[[ Supplied information, beginning ]]

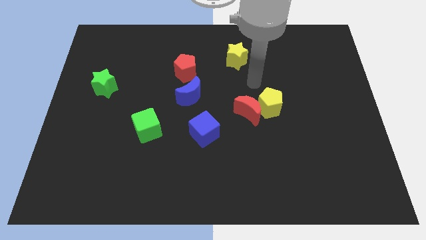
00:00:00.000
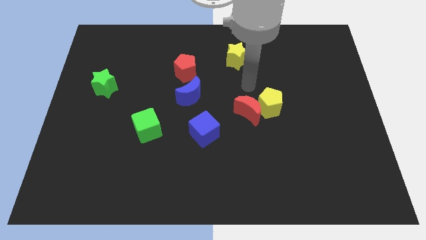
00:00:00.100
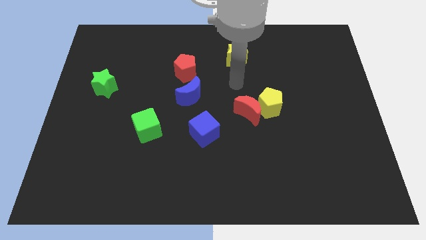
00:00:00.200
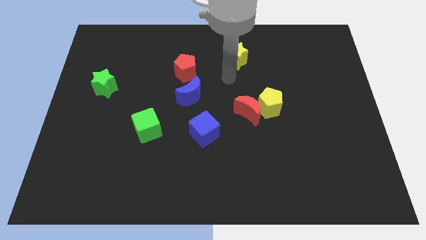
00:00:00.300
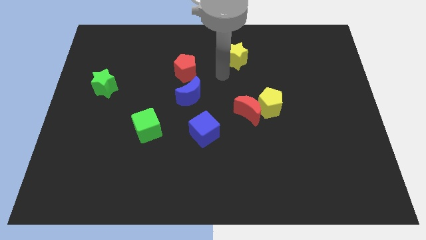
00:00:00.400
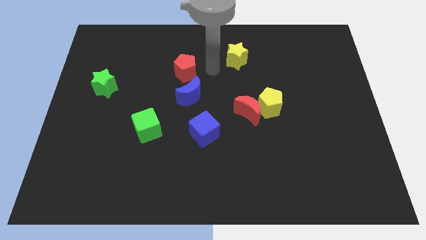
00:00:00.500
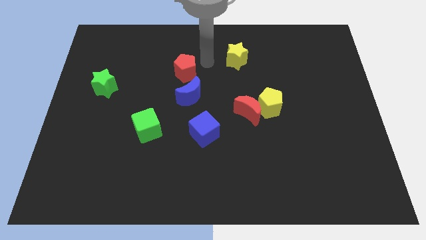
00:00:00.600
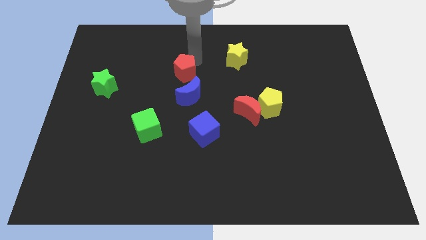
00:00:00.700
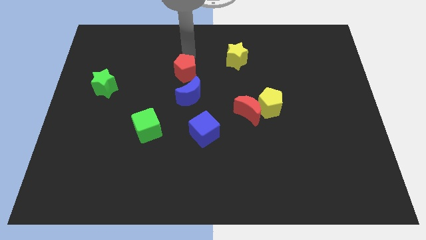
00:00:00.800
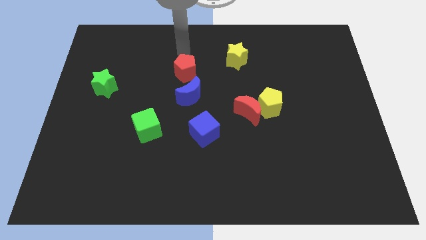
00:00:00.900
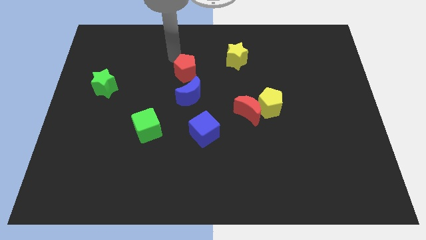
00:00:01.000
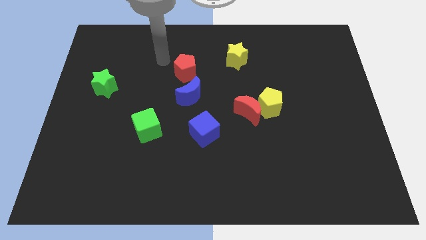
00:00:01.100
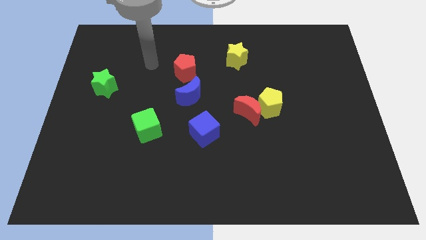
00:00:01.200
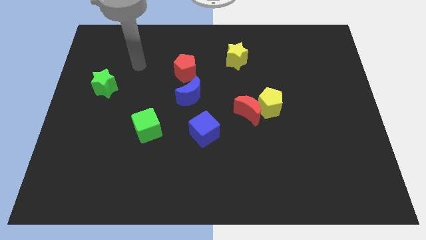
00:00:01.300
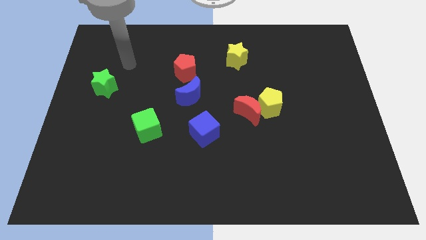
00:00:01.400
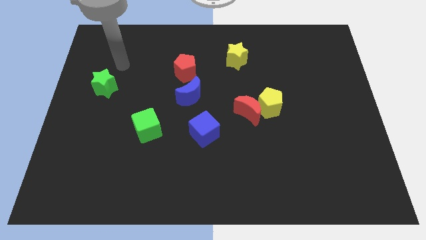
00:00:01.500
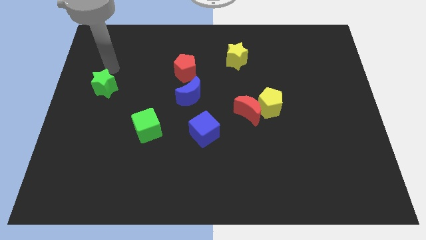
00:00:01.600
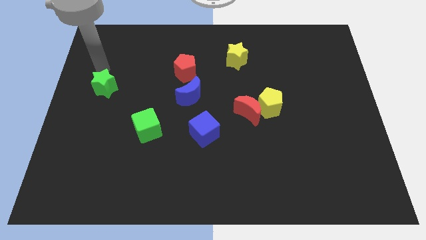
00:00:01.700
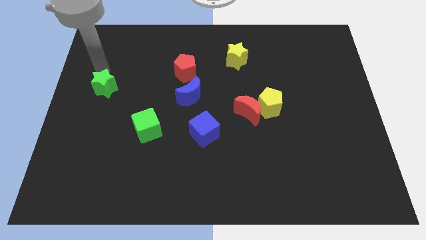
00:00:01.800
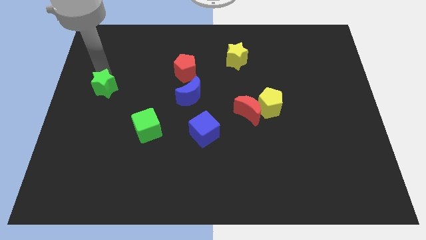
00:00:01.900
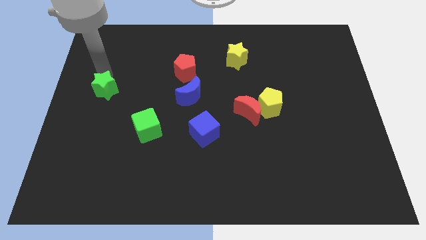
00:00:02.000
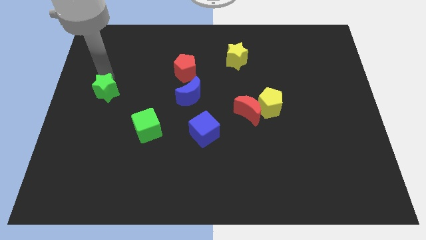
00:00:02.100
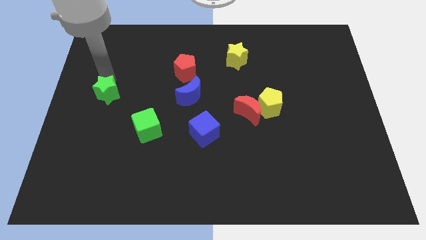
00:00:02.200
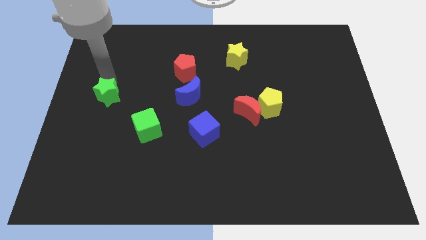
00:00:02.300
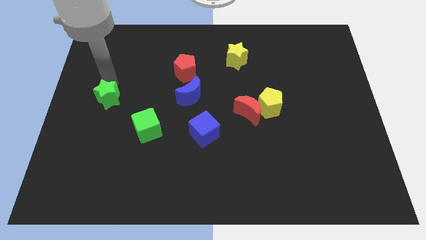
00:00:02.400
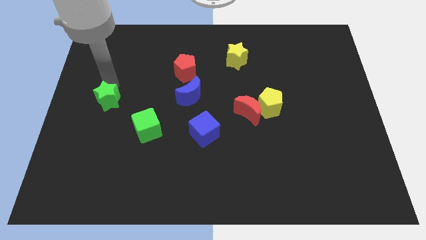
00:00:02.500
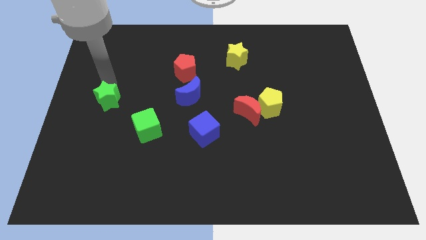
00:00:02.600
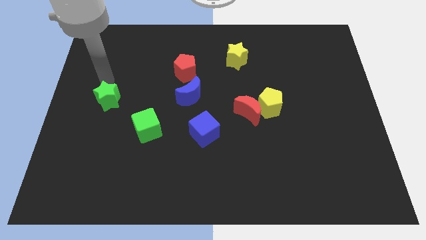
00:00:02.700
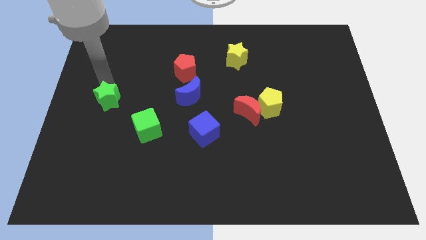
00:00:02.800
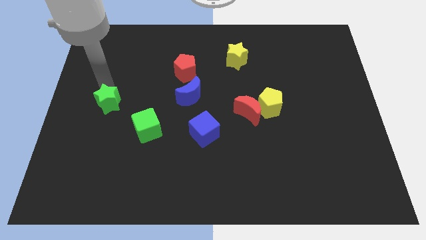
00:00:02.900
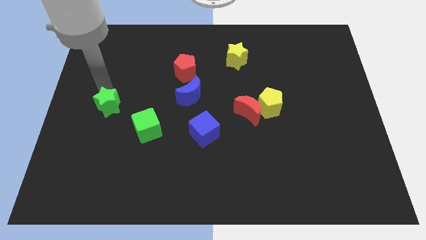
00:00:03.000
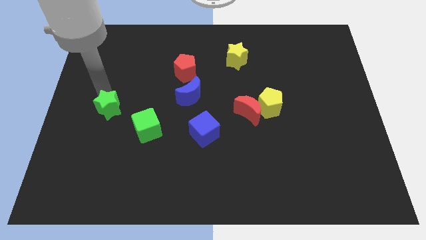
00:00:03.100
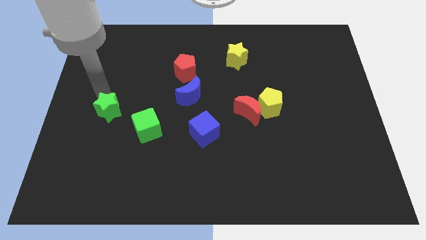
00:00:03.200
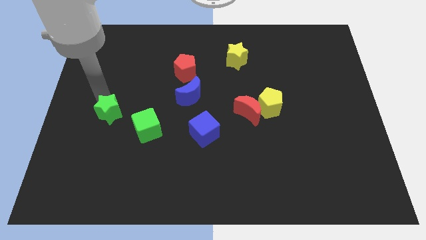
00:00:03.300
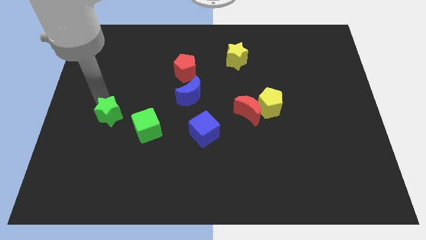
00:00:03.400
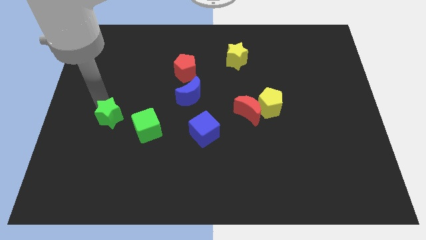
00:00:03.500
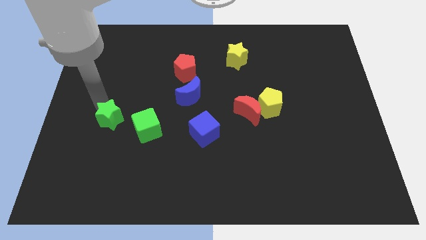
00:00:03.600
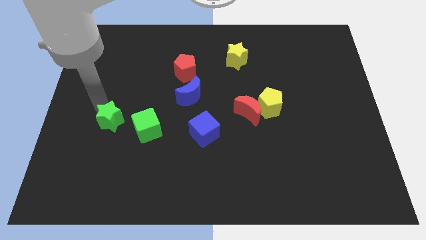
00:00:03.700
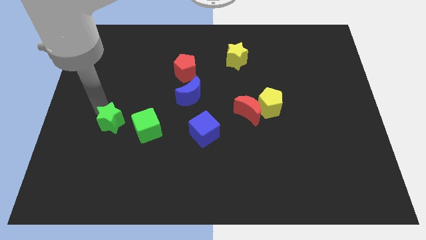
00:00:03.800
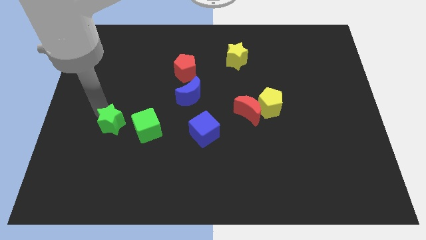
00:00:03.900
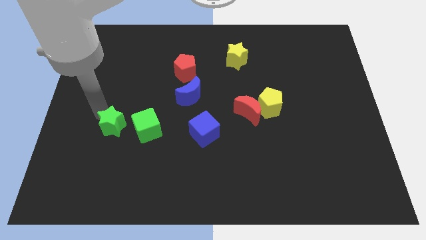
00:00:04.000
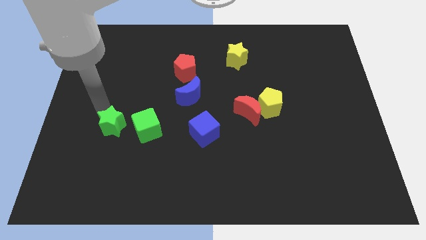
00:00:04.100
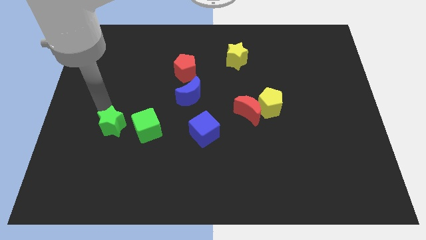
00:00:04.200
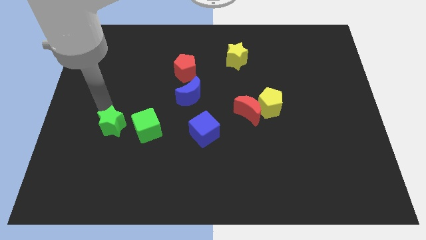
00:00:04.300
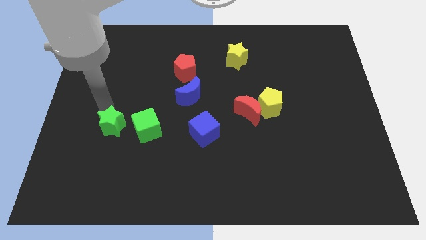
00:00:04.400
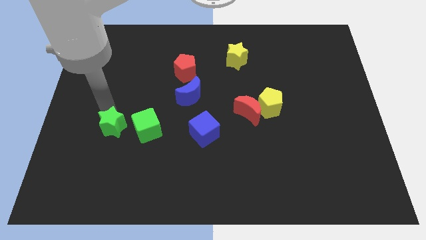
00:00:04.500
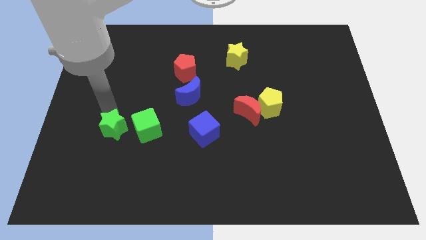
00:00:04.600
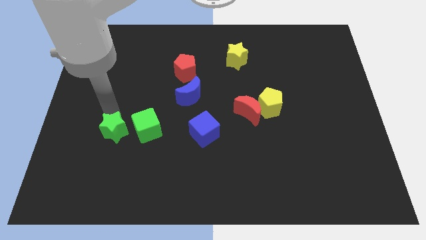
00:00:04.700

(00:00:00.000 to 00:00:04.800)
push the green star to the bottom left of the green cube

[[ Supplied information, end ]]

- [Requirement] Return the listing above in an exact copy that leaves out the images.

- [Solution]
00:00:00.000
00:00:00.100
00:00:00.200
00:00:00.300
00:00:00.400
00:00:00.500
00:00:00.600
00:00:00.700
00:00:00.800
00:00:00.900
00:00:01.000
00:00:01.100
00:00:01.200
00:00:01.300
00:00:01.400
00:00:01.500
00:00:01.600
00:00:01.700
00:00:01.800
00:00:01.900
00:00:02.000
00:00:02.100
00:00:02.200
00:00:02.300
00:00:02.400
00:00:02.500
00:00:02.600
00:00:02.700
00:00:02.800
00:00:02.900
00:00:03.000
00:00:03.100
00:00:03.200
00:00:03.300
00:00:03.400
00:00:03.500
00:00:03.600
00:00:03.700
00:00:03.800
00:00:03.900
00:00:04.000
00:00:04.100
00:00:04.200
00:00:04.300
00:00:04.400
00:00:04.500
00:00:04.600
00:00:04.700

(00:00:00.000 to 00:00:04.800)
push the green star to the bottom left of the green cube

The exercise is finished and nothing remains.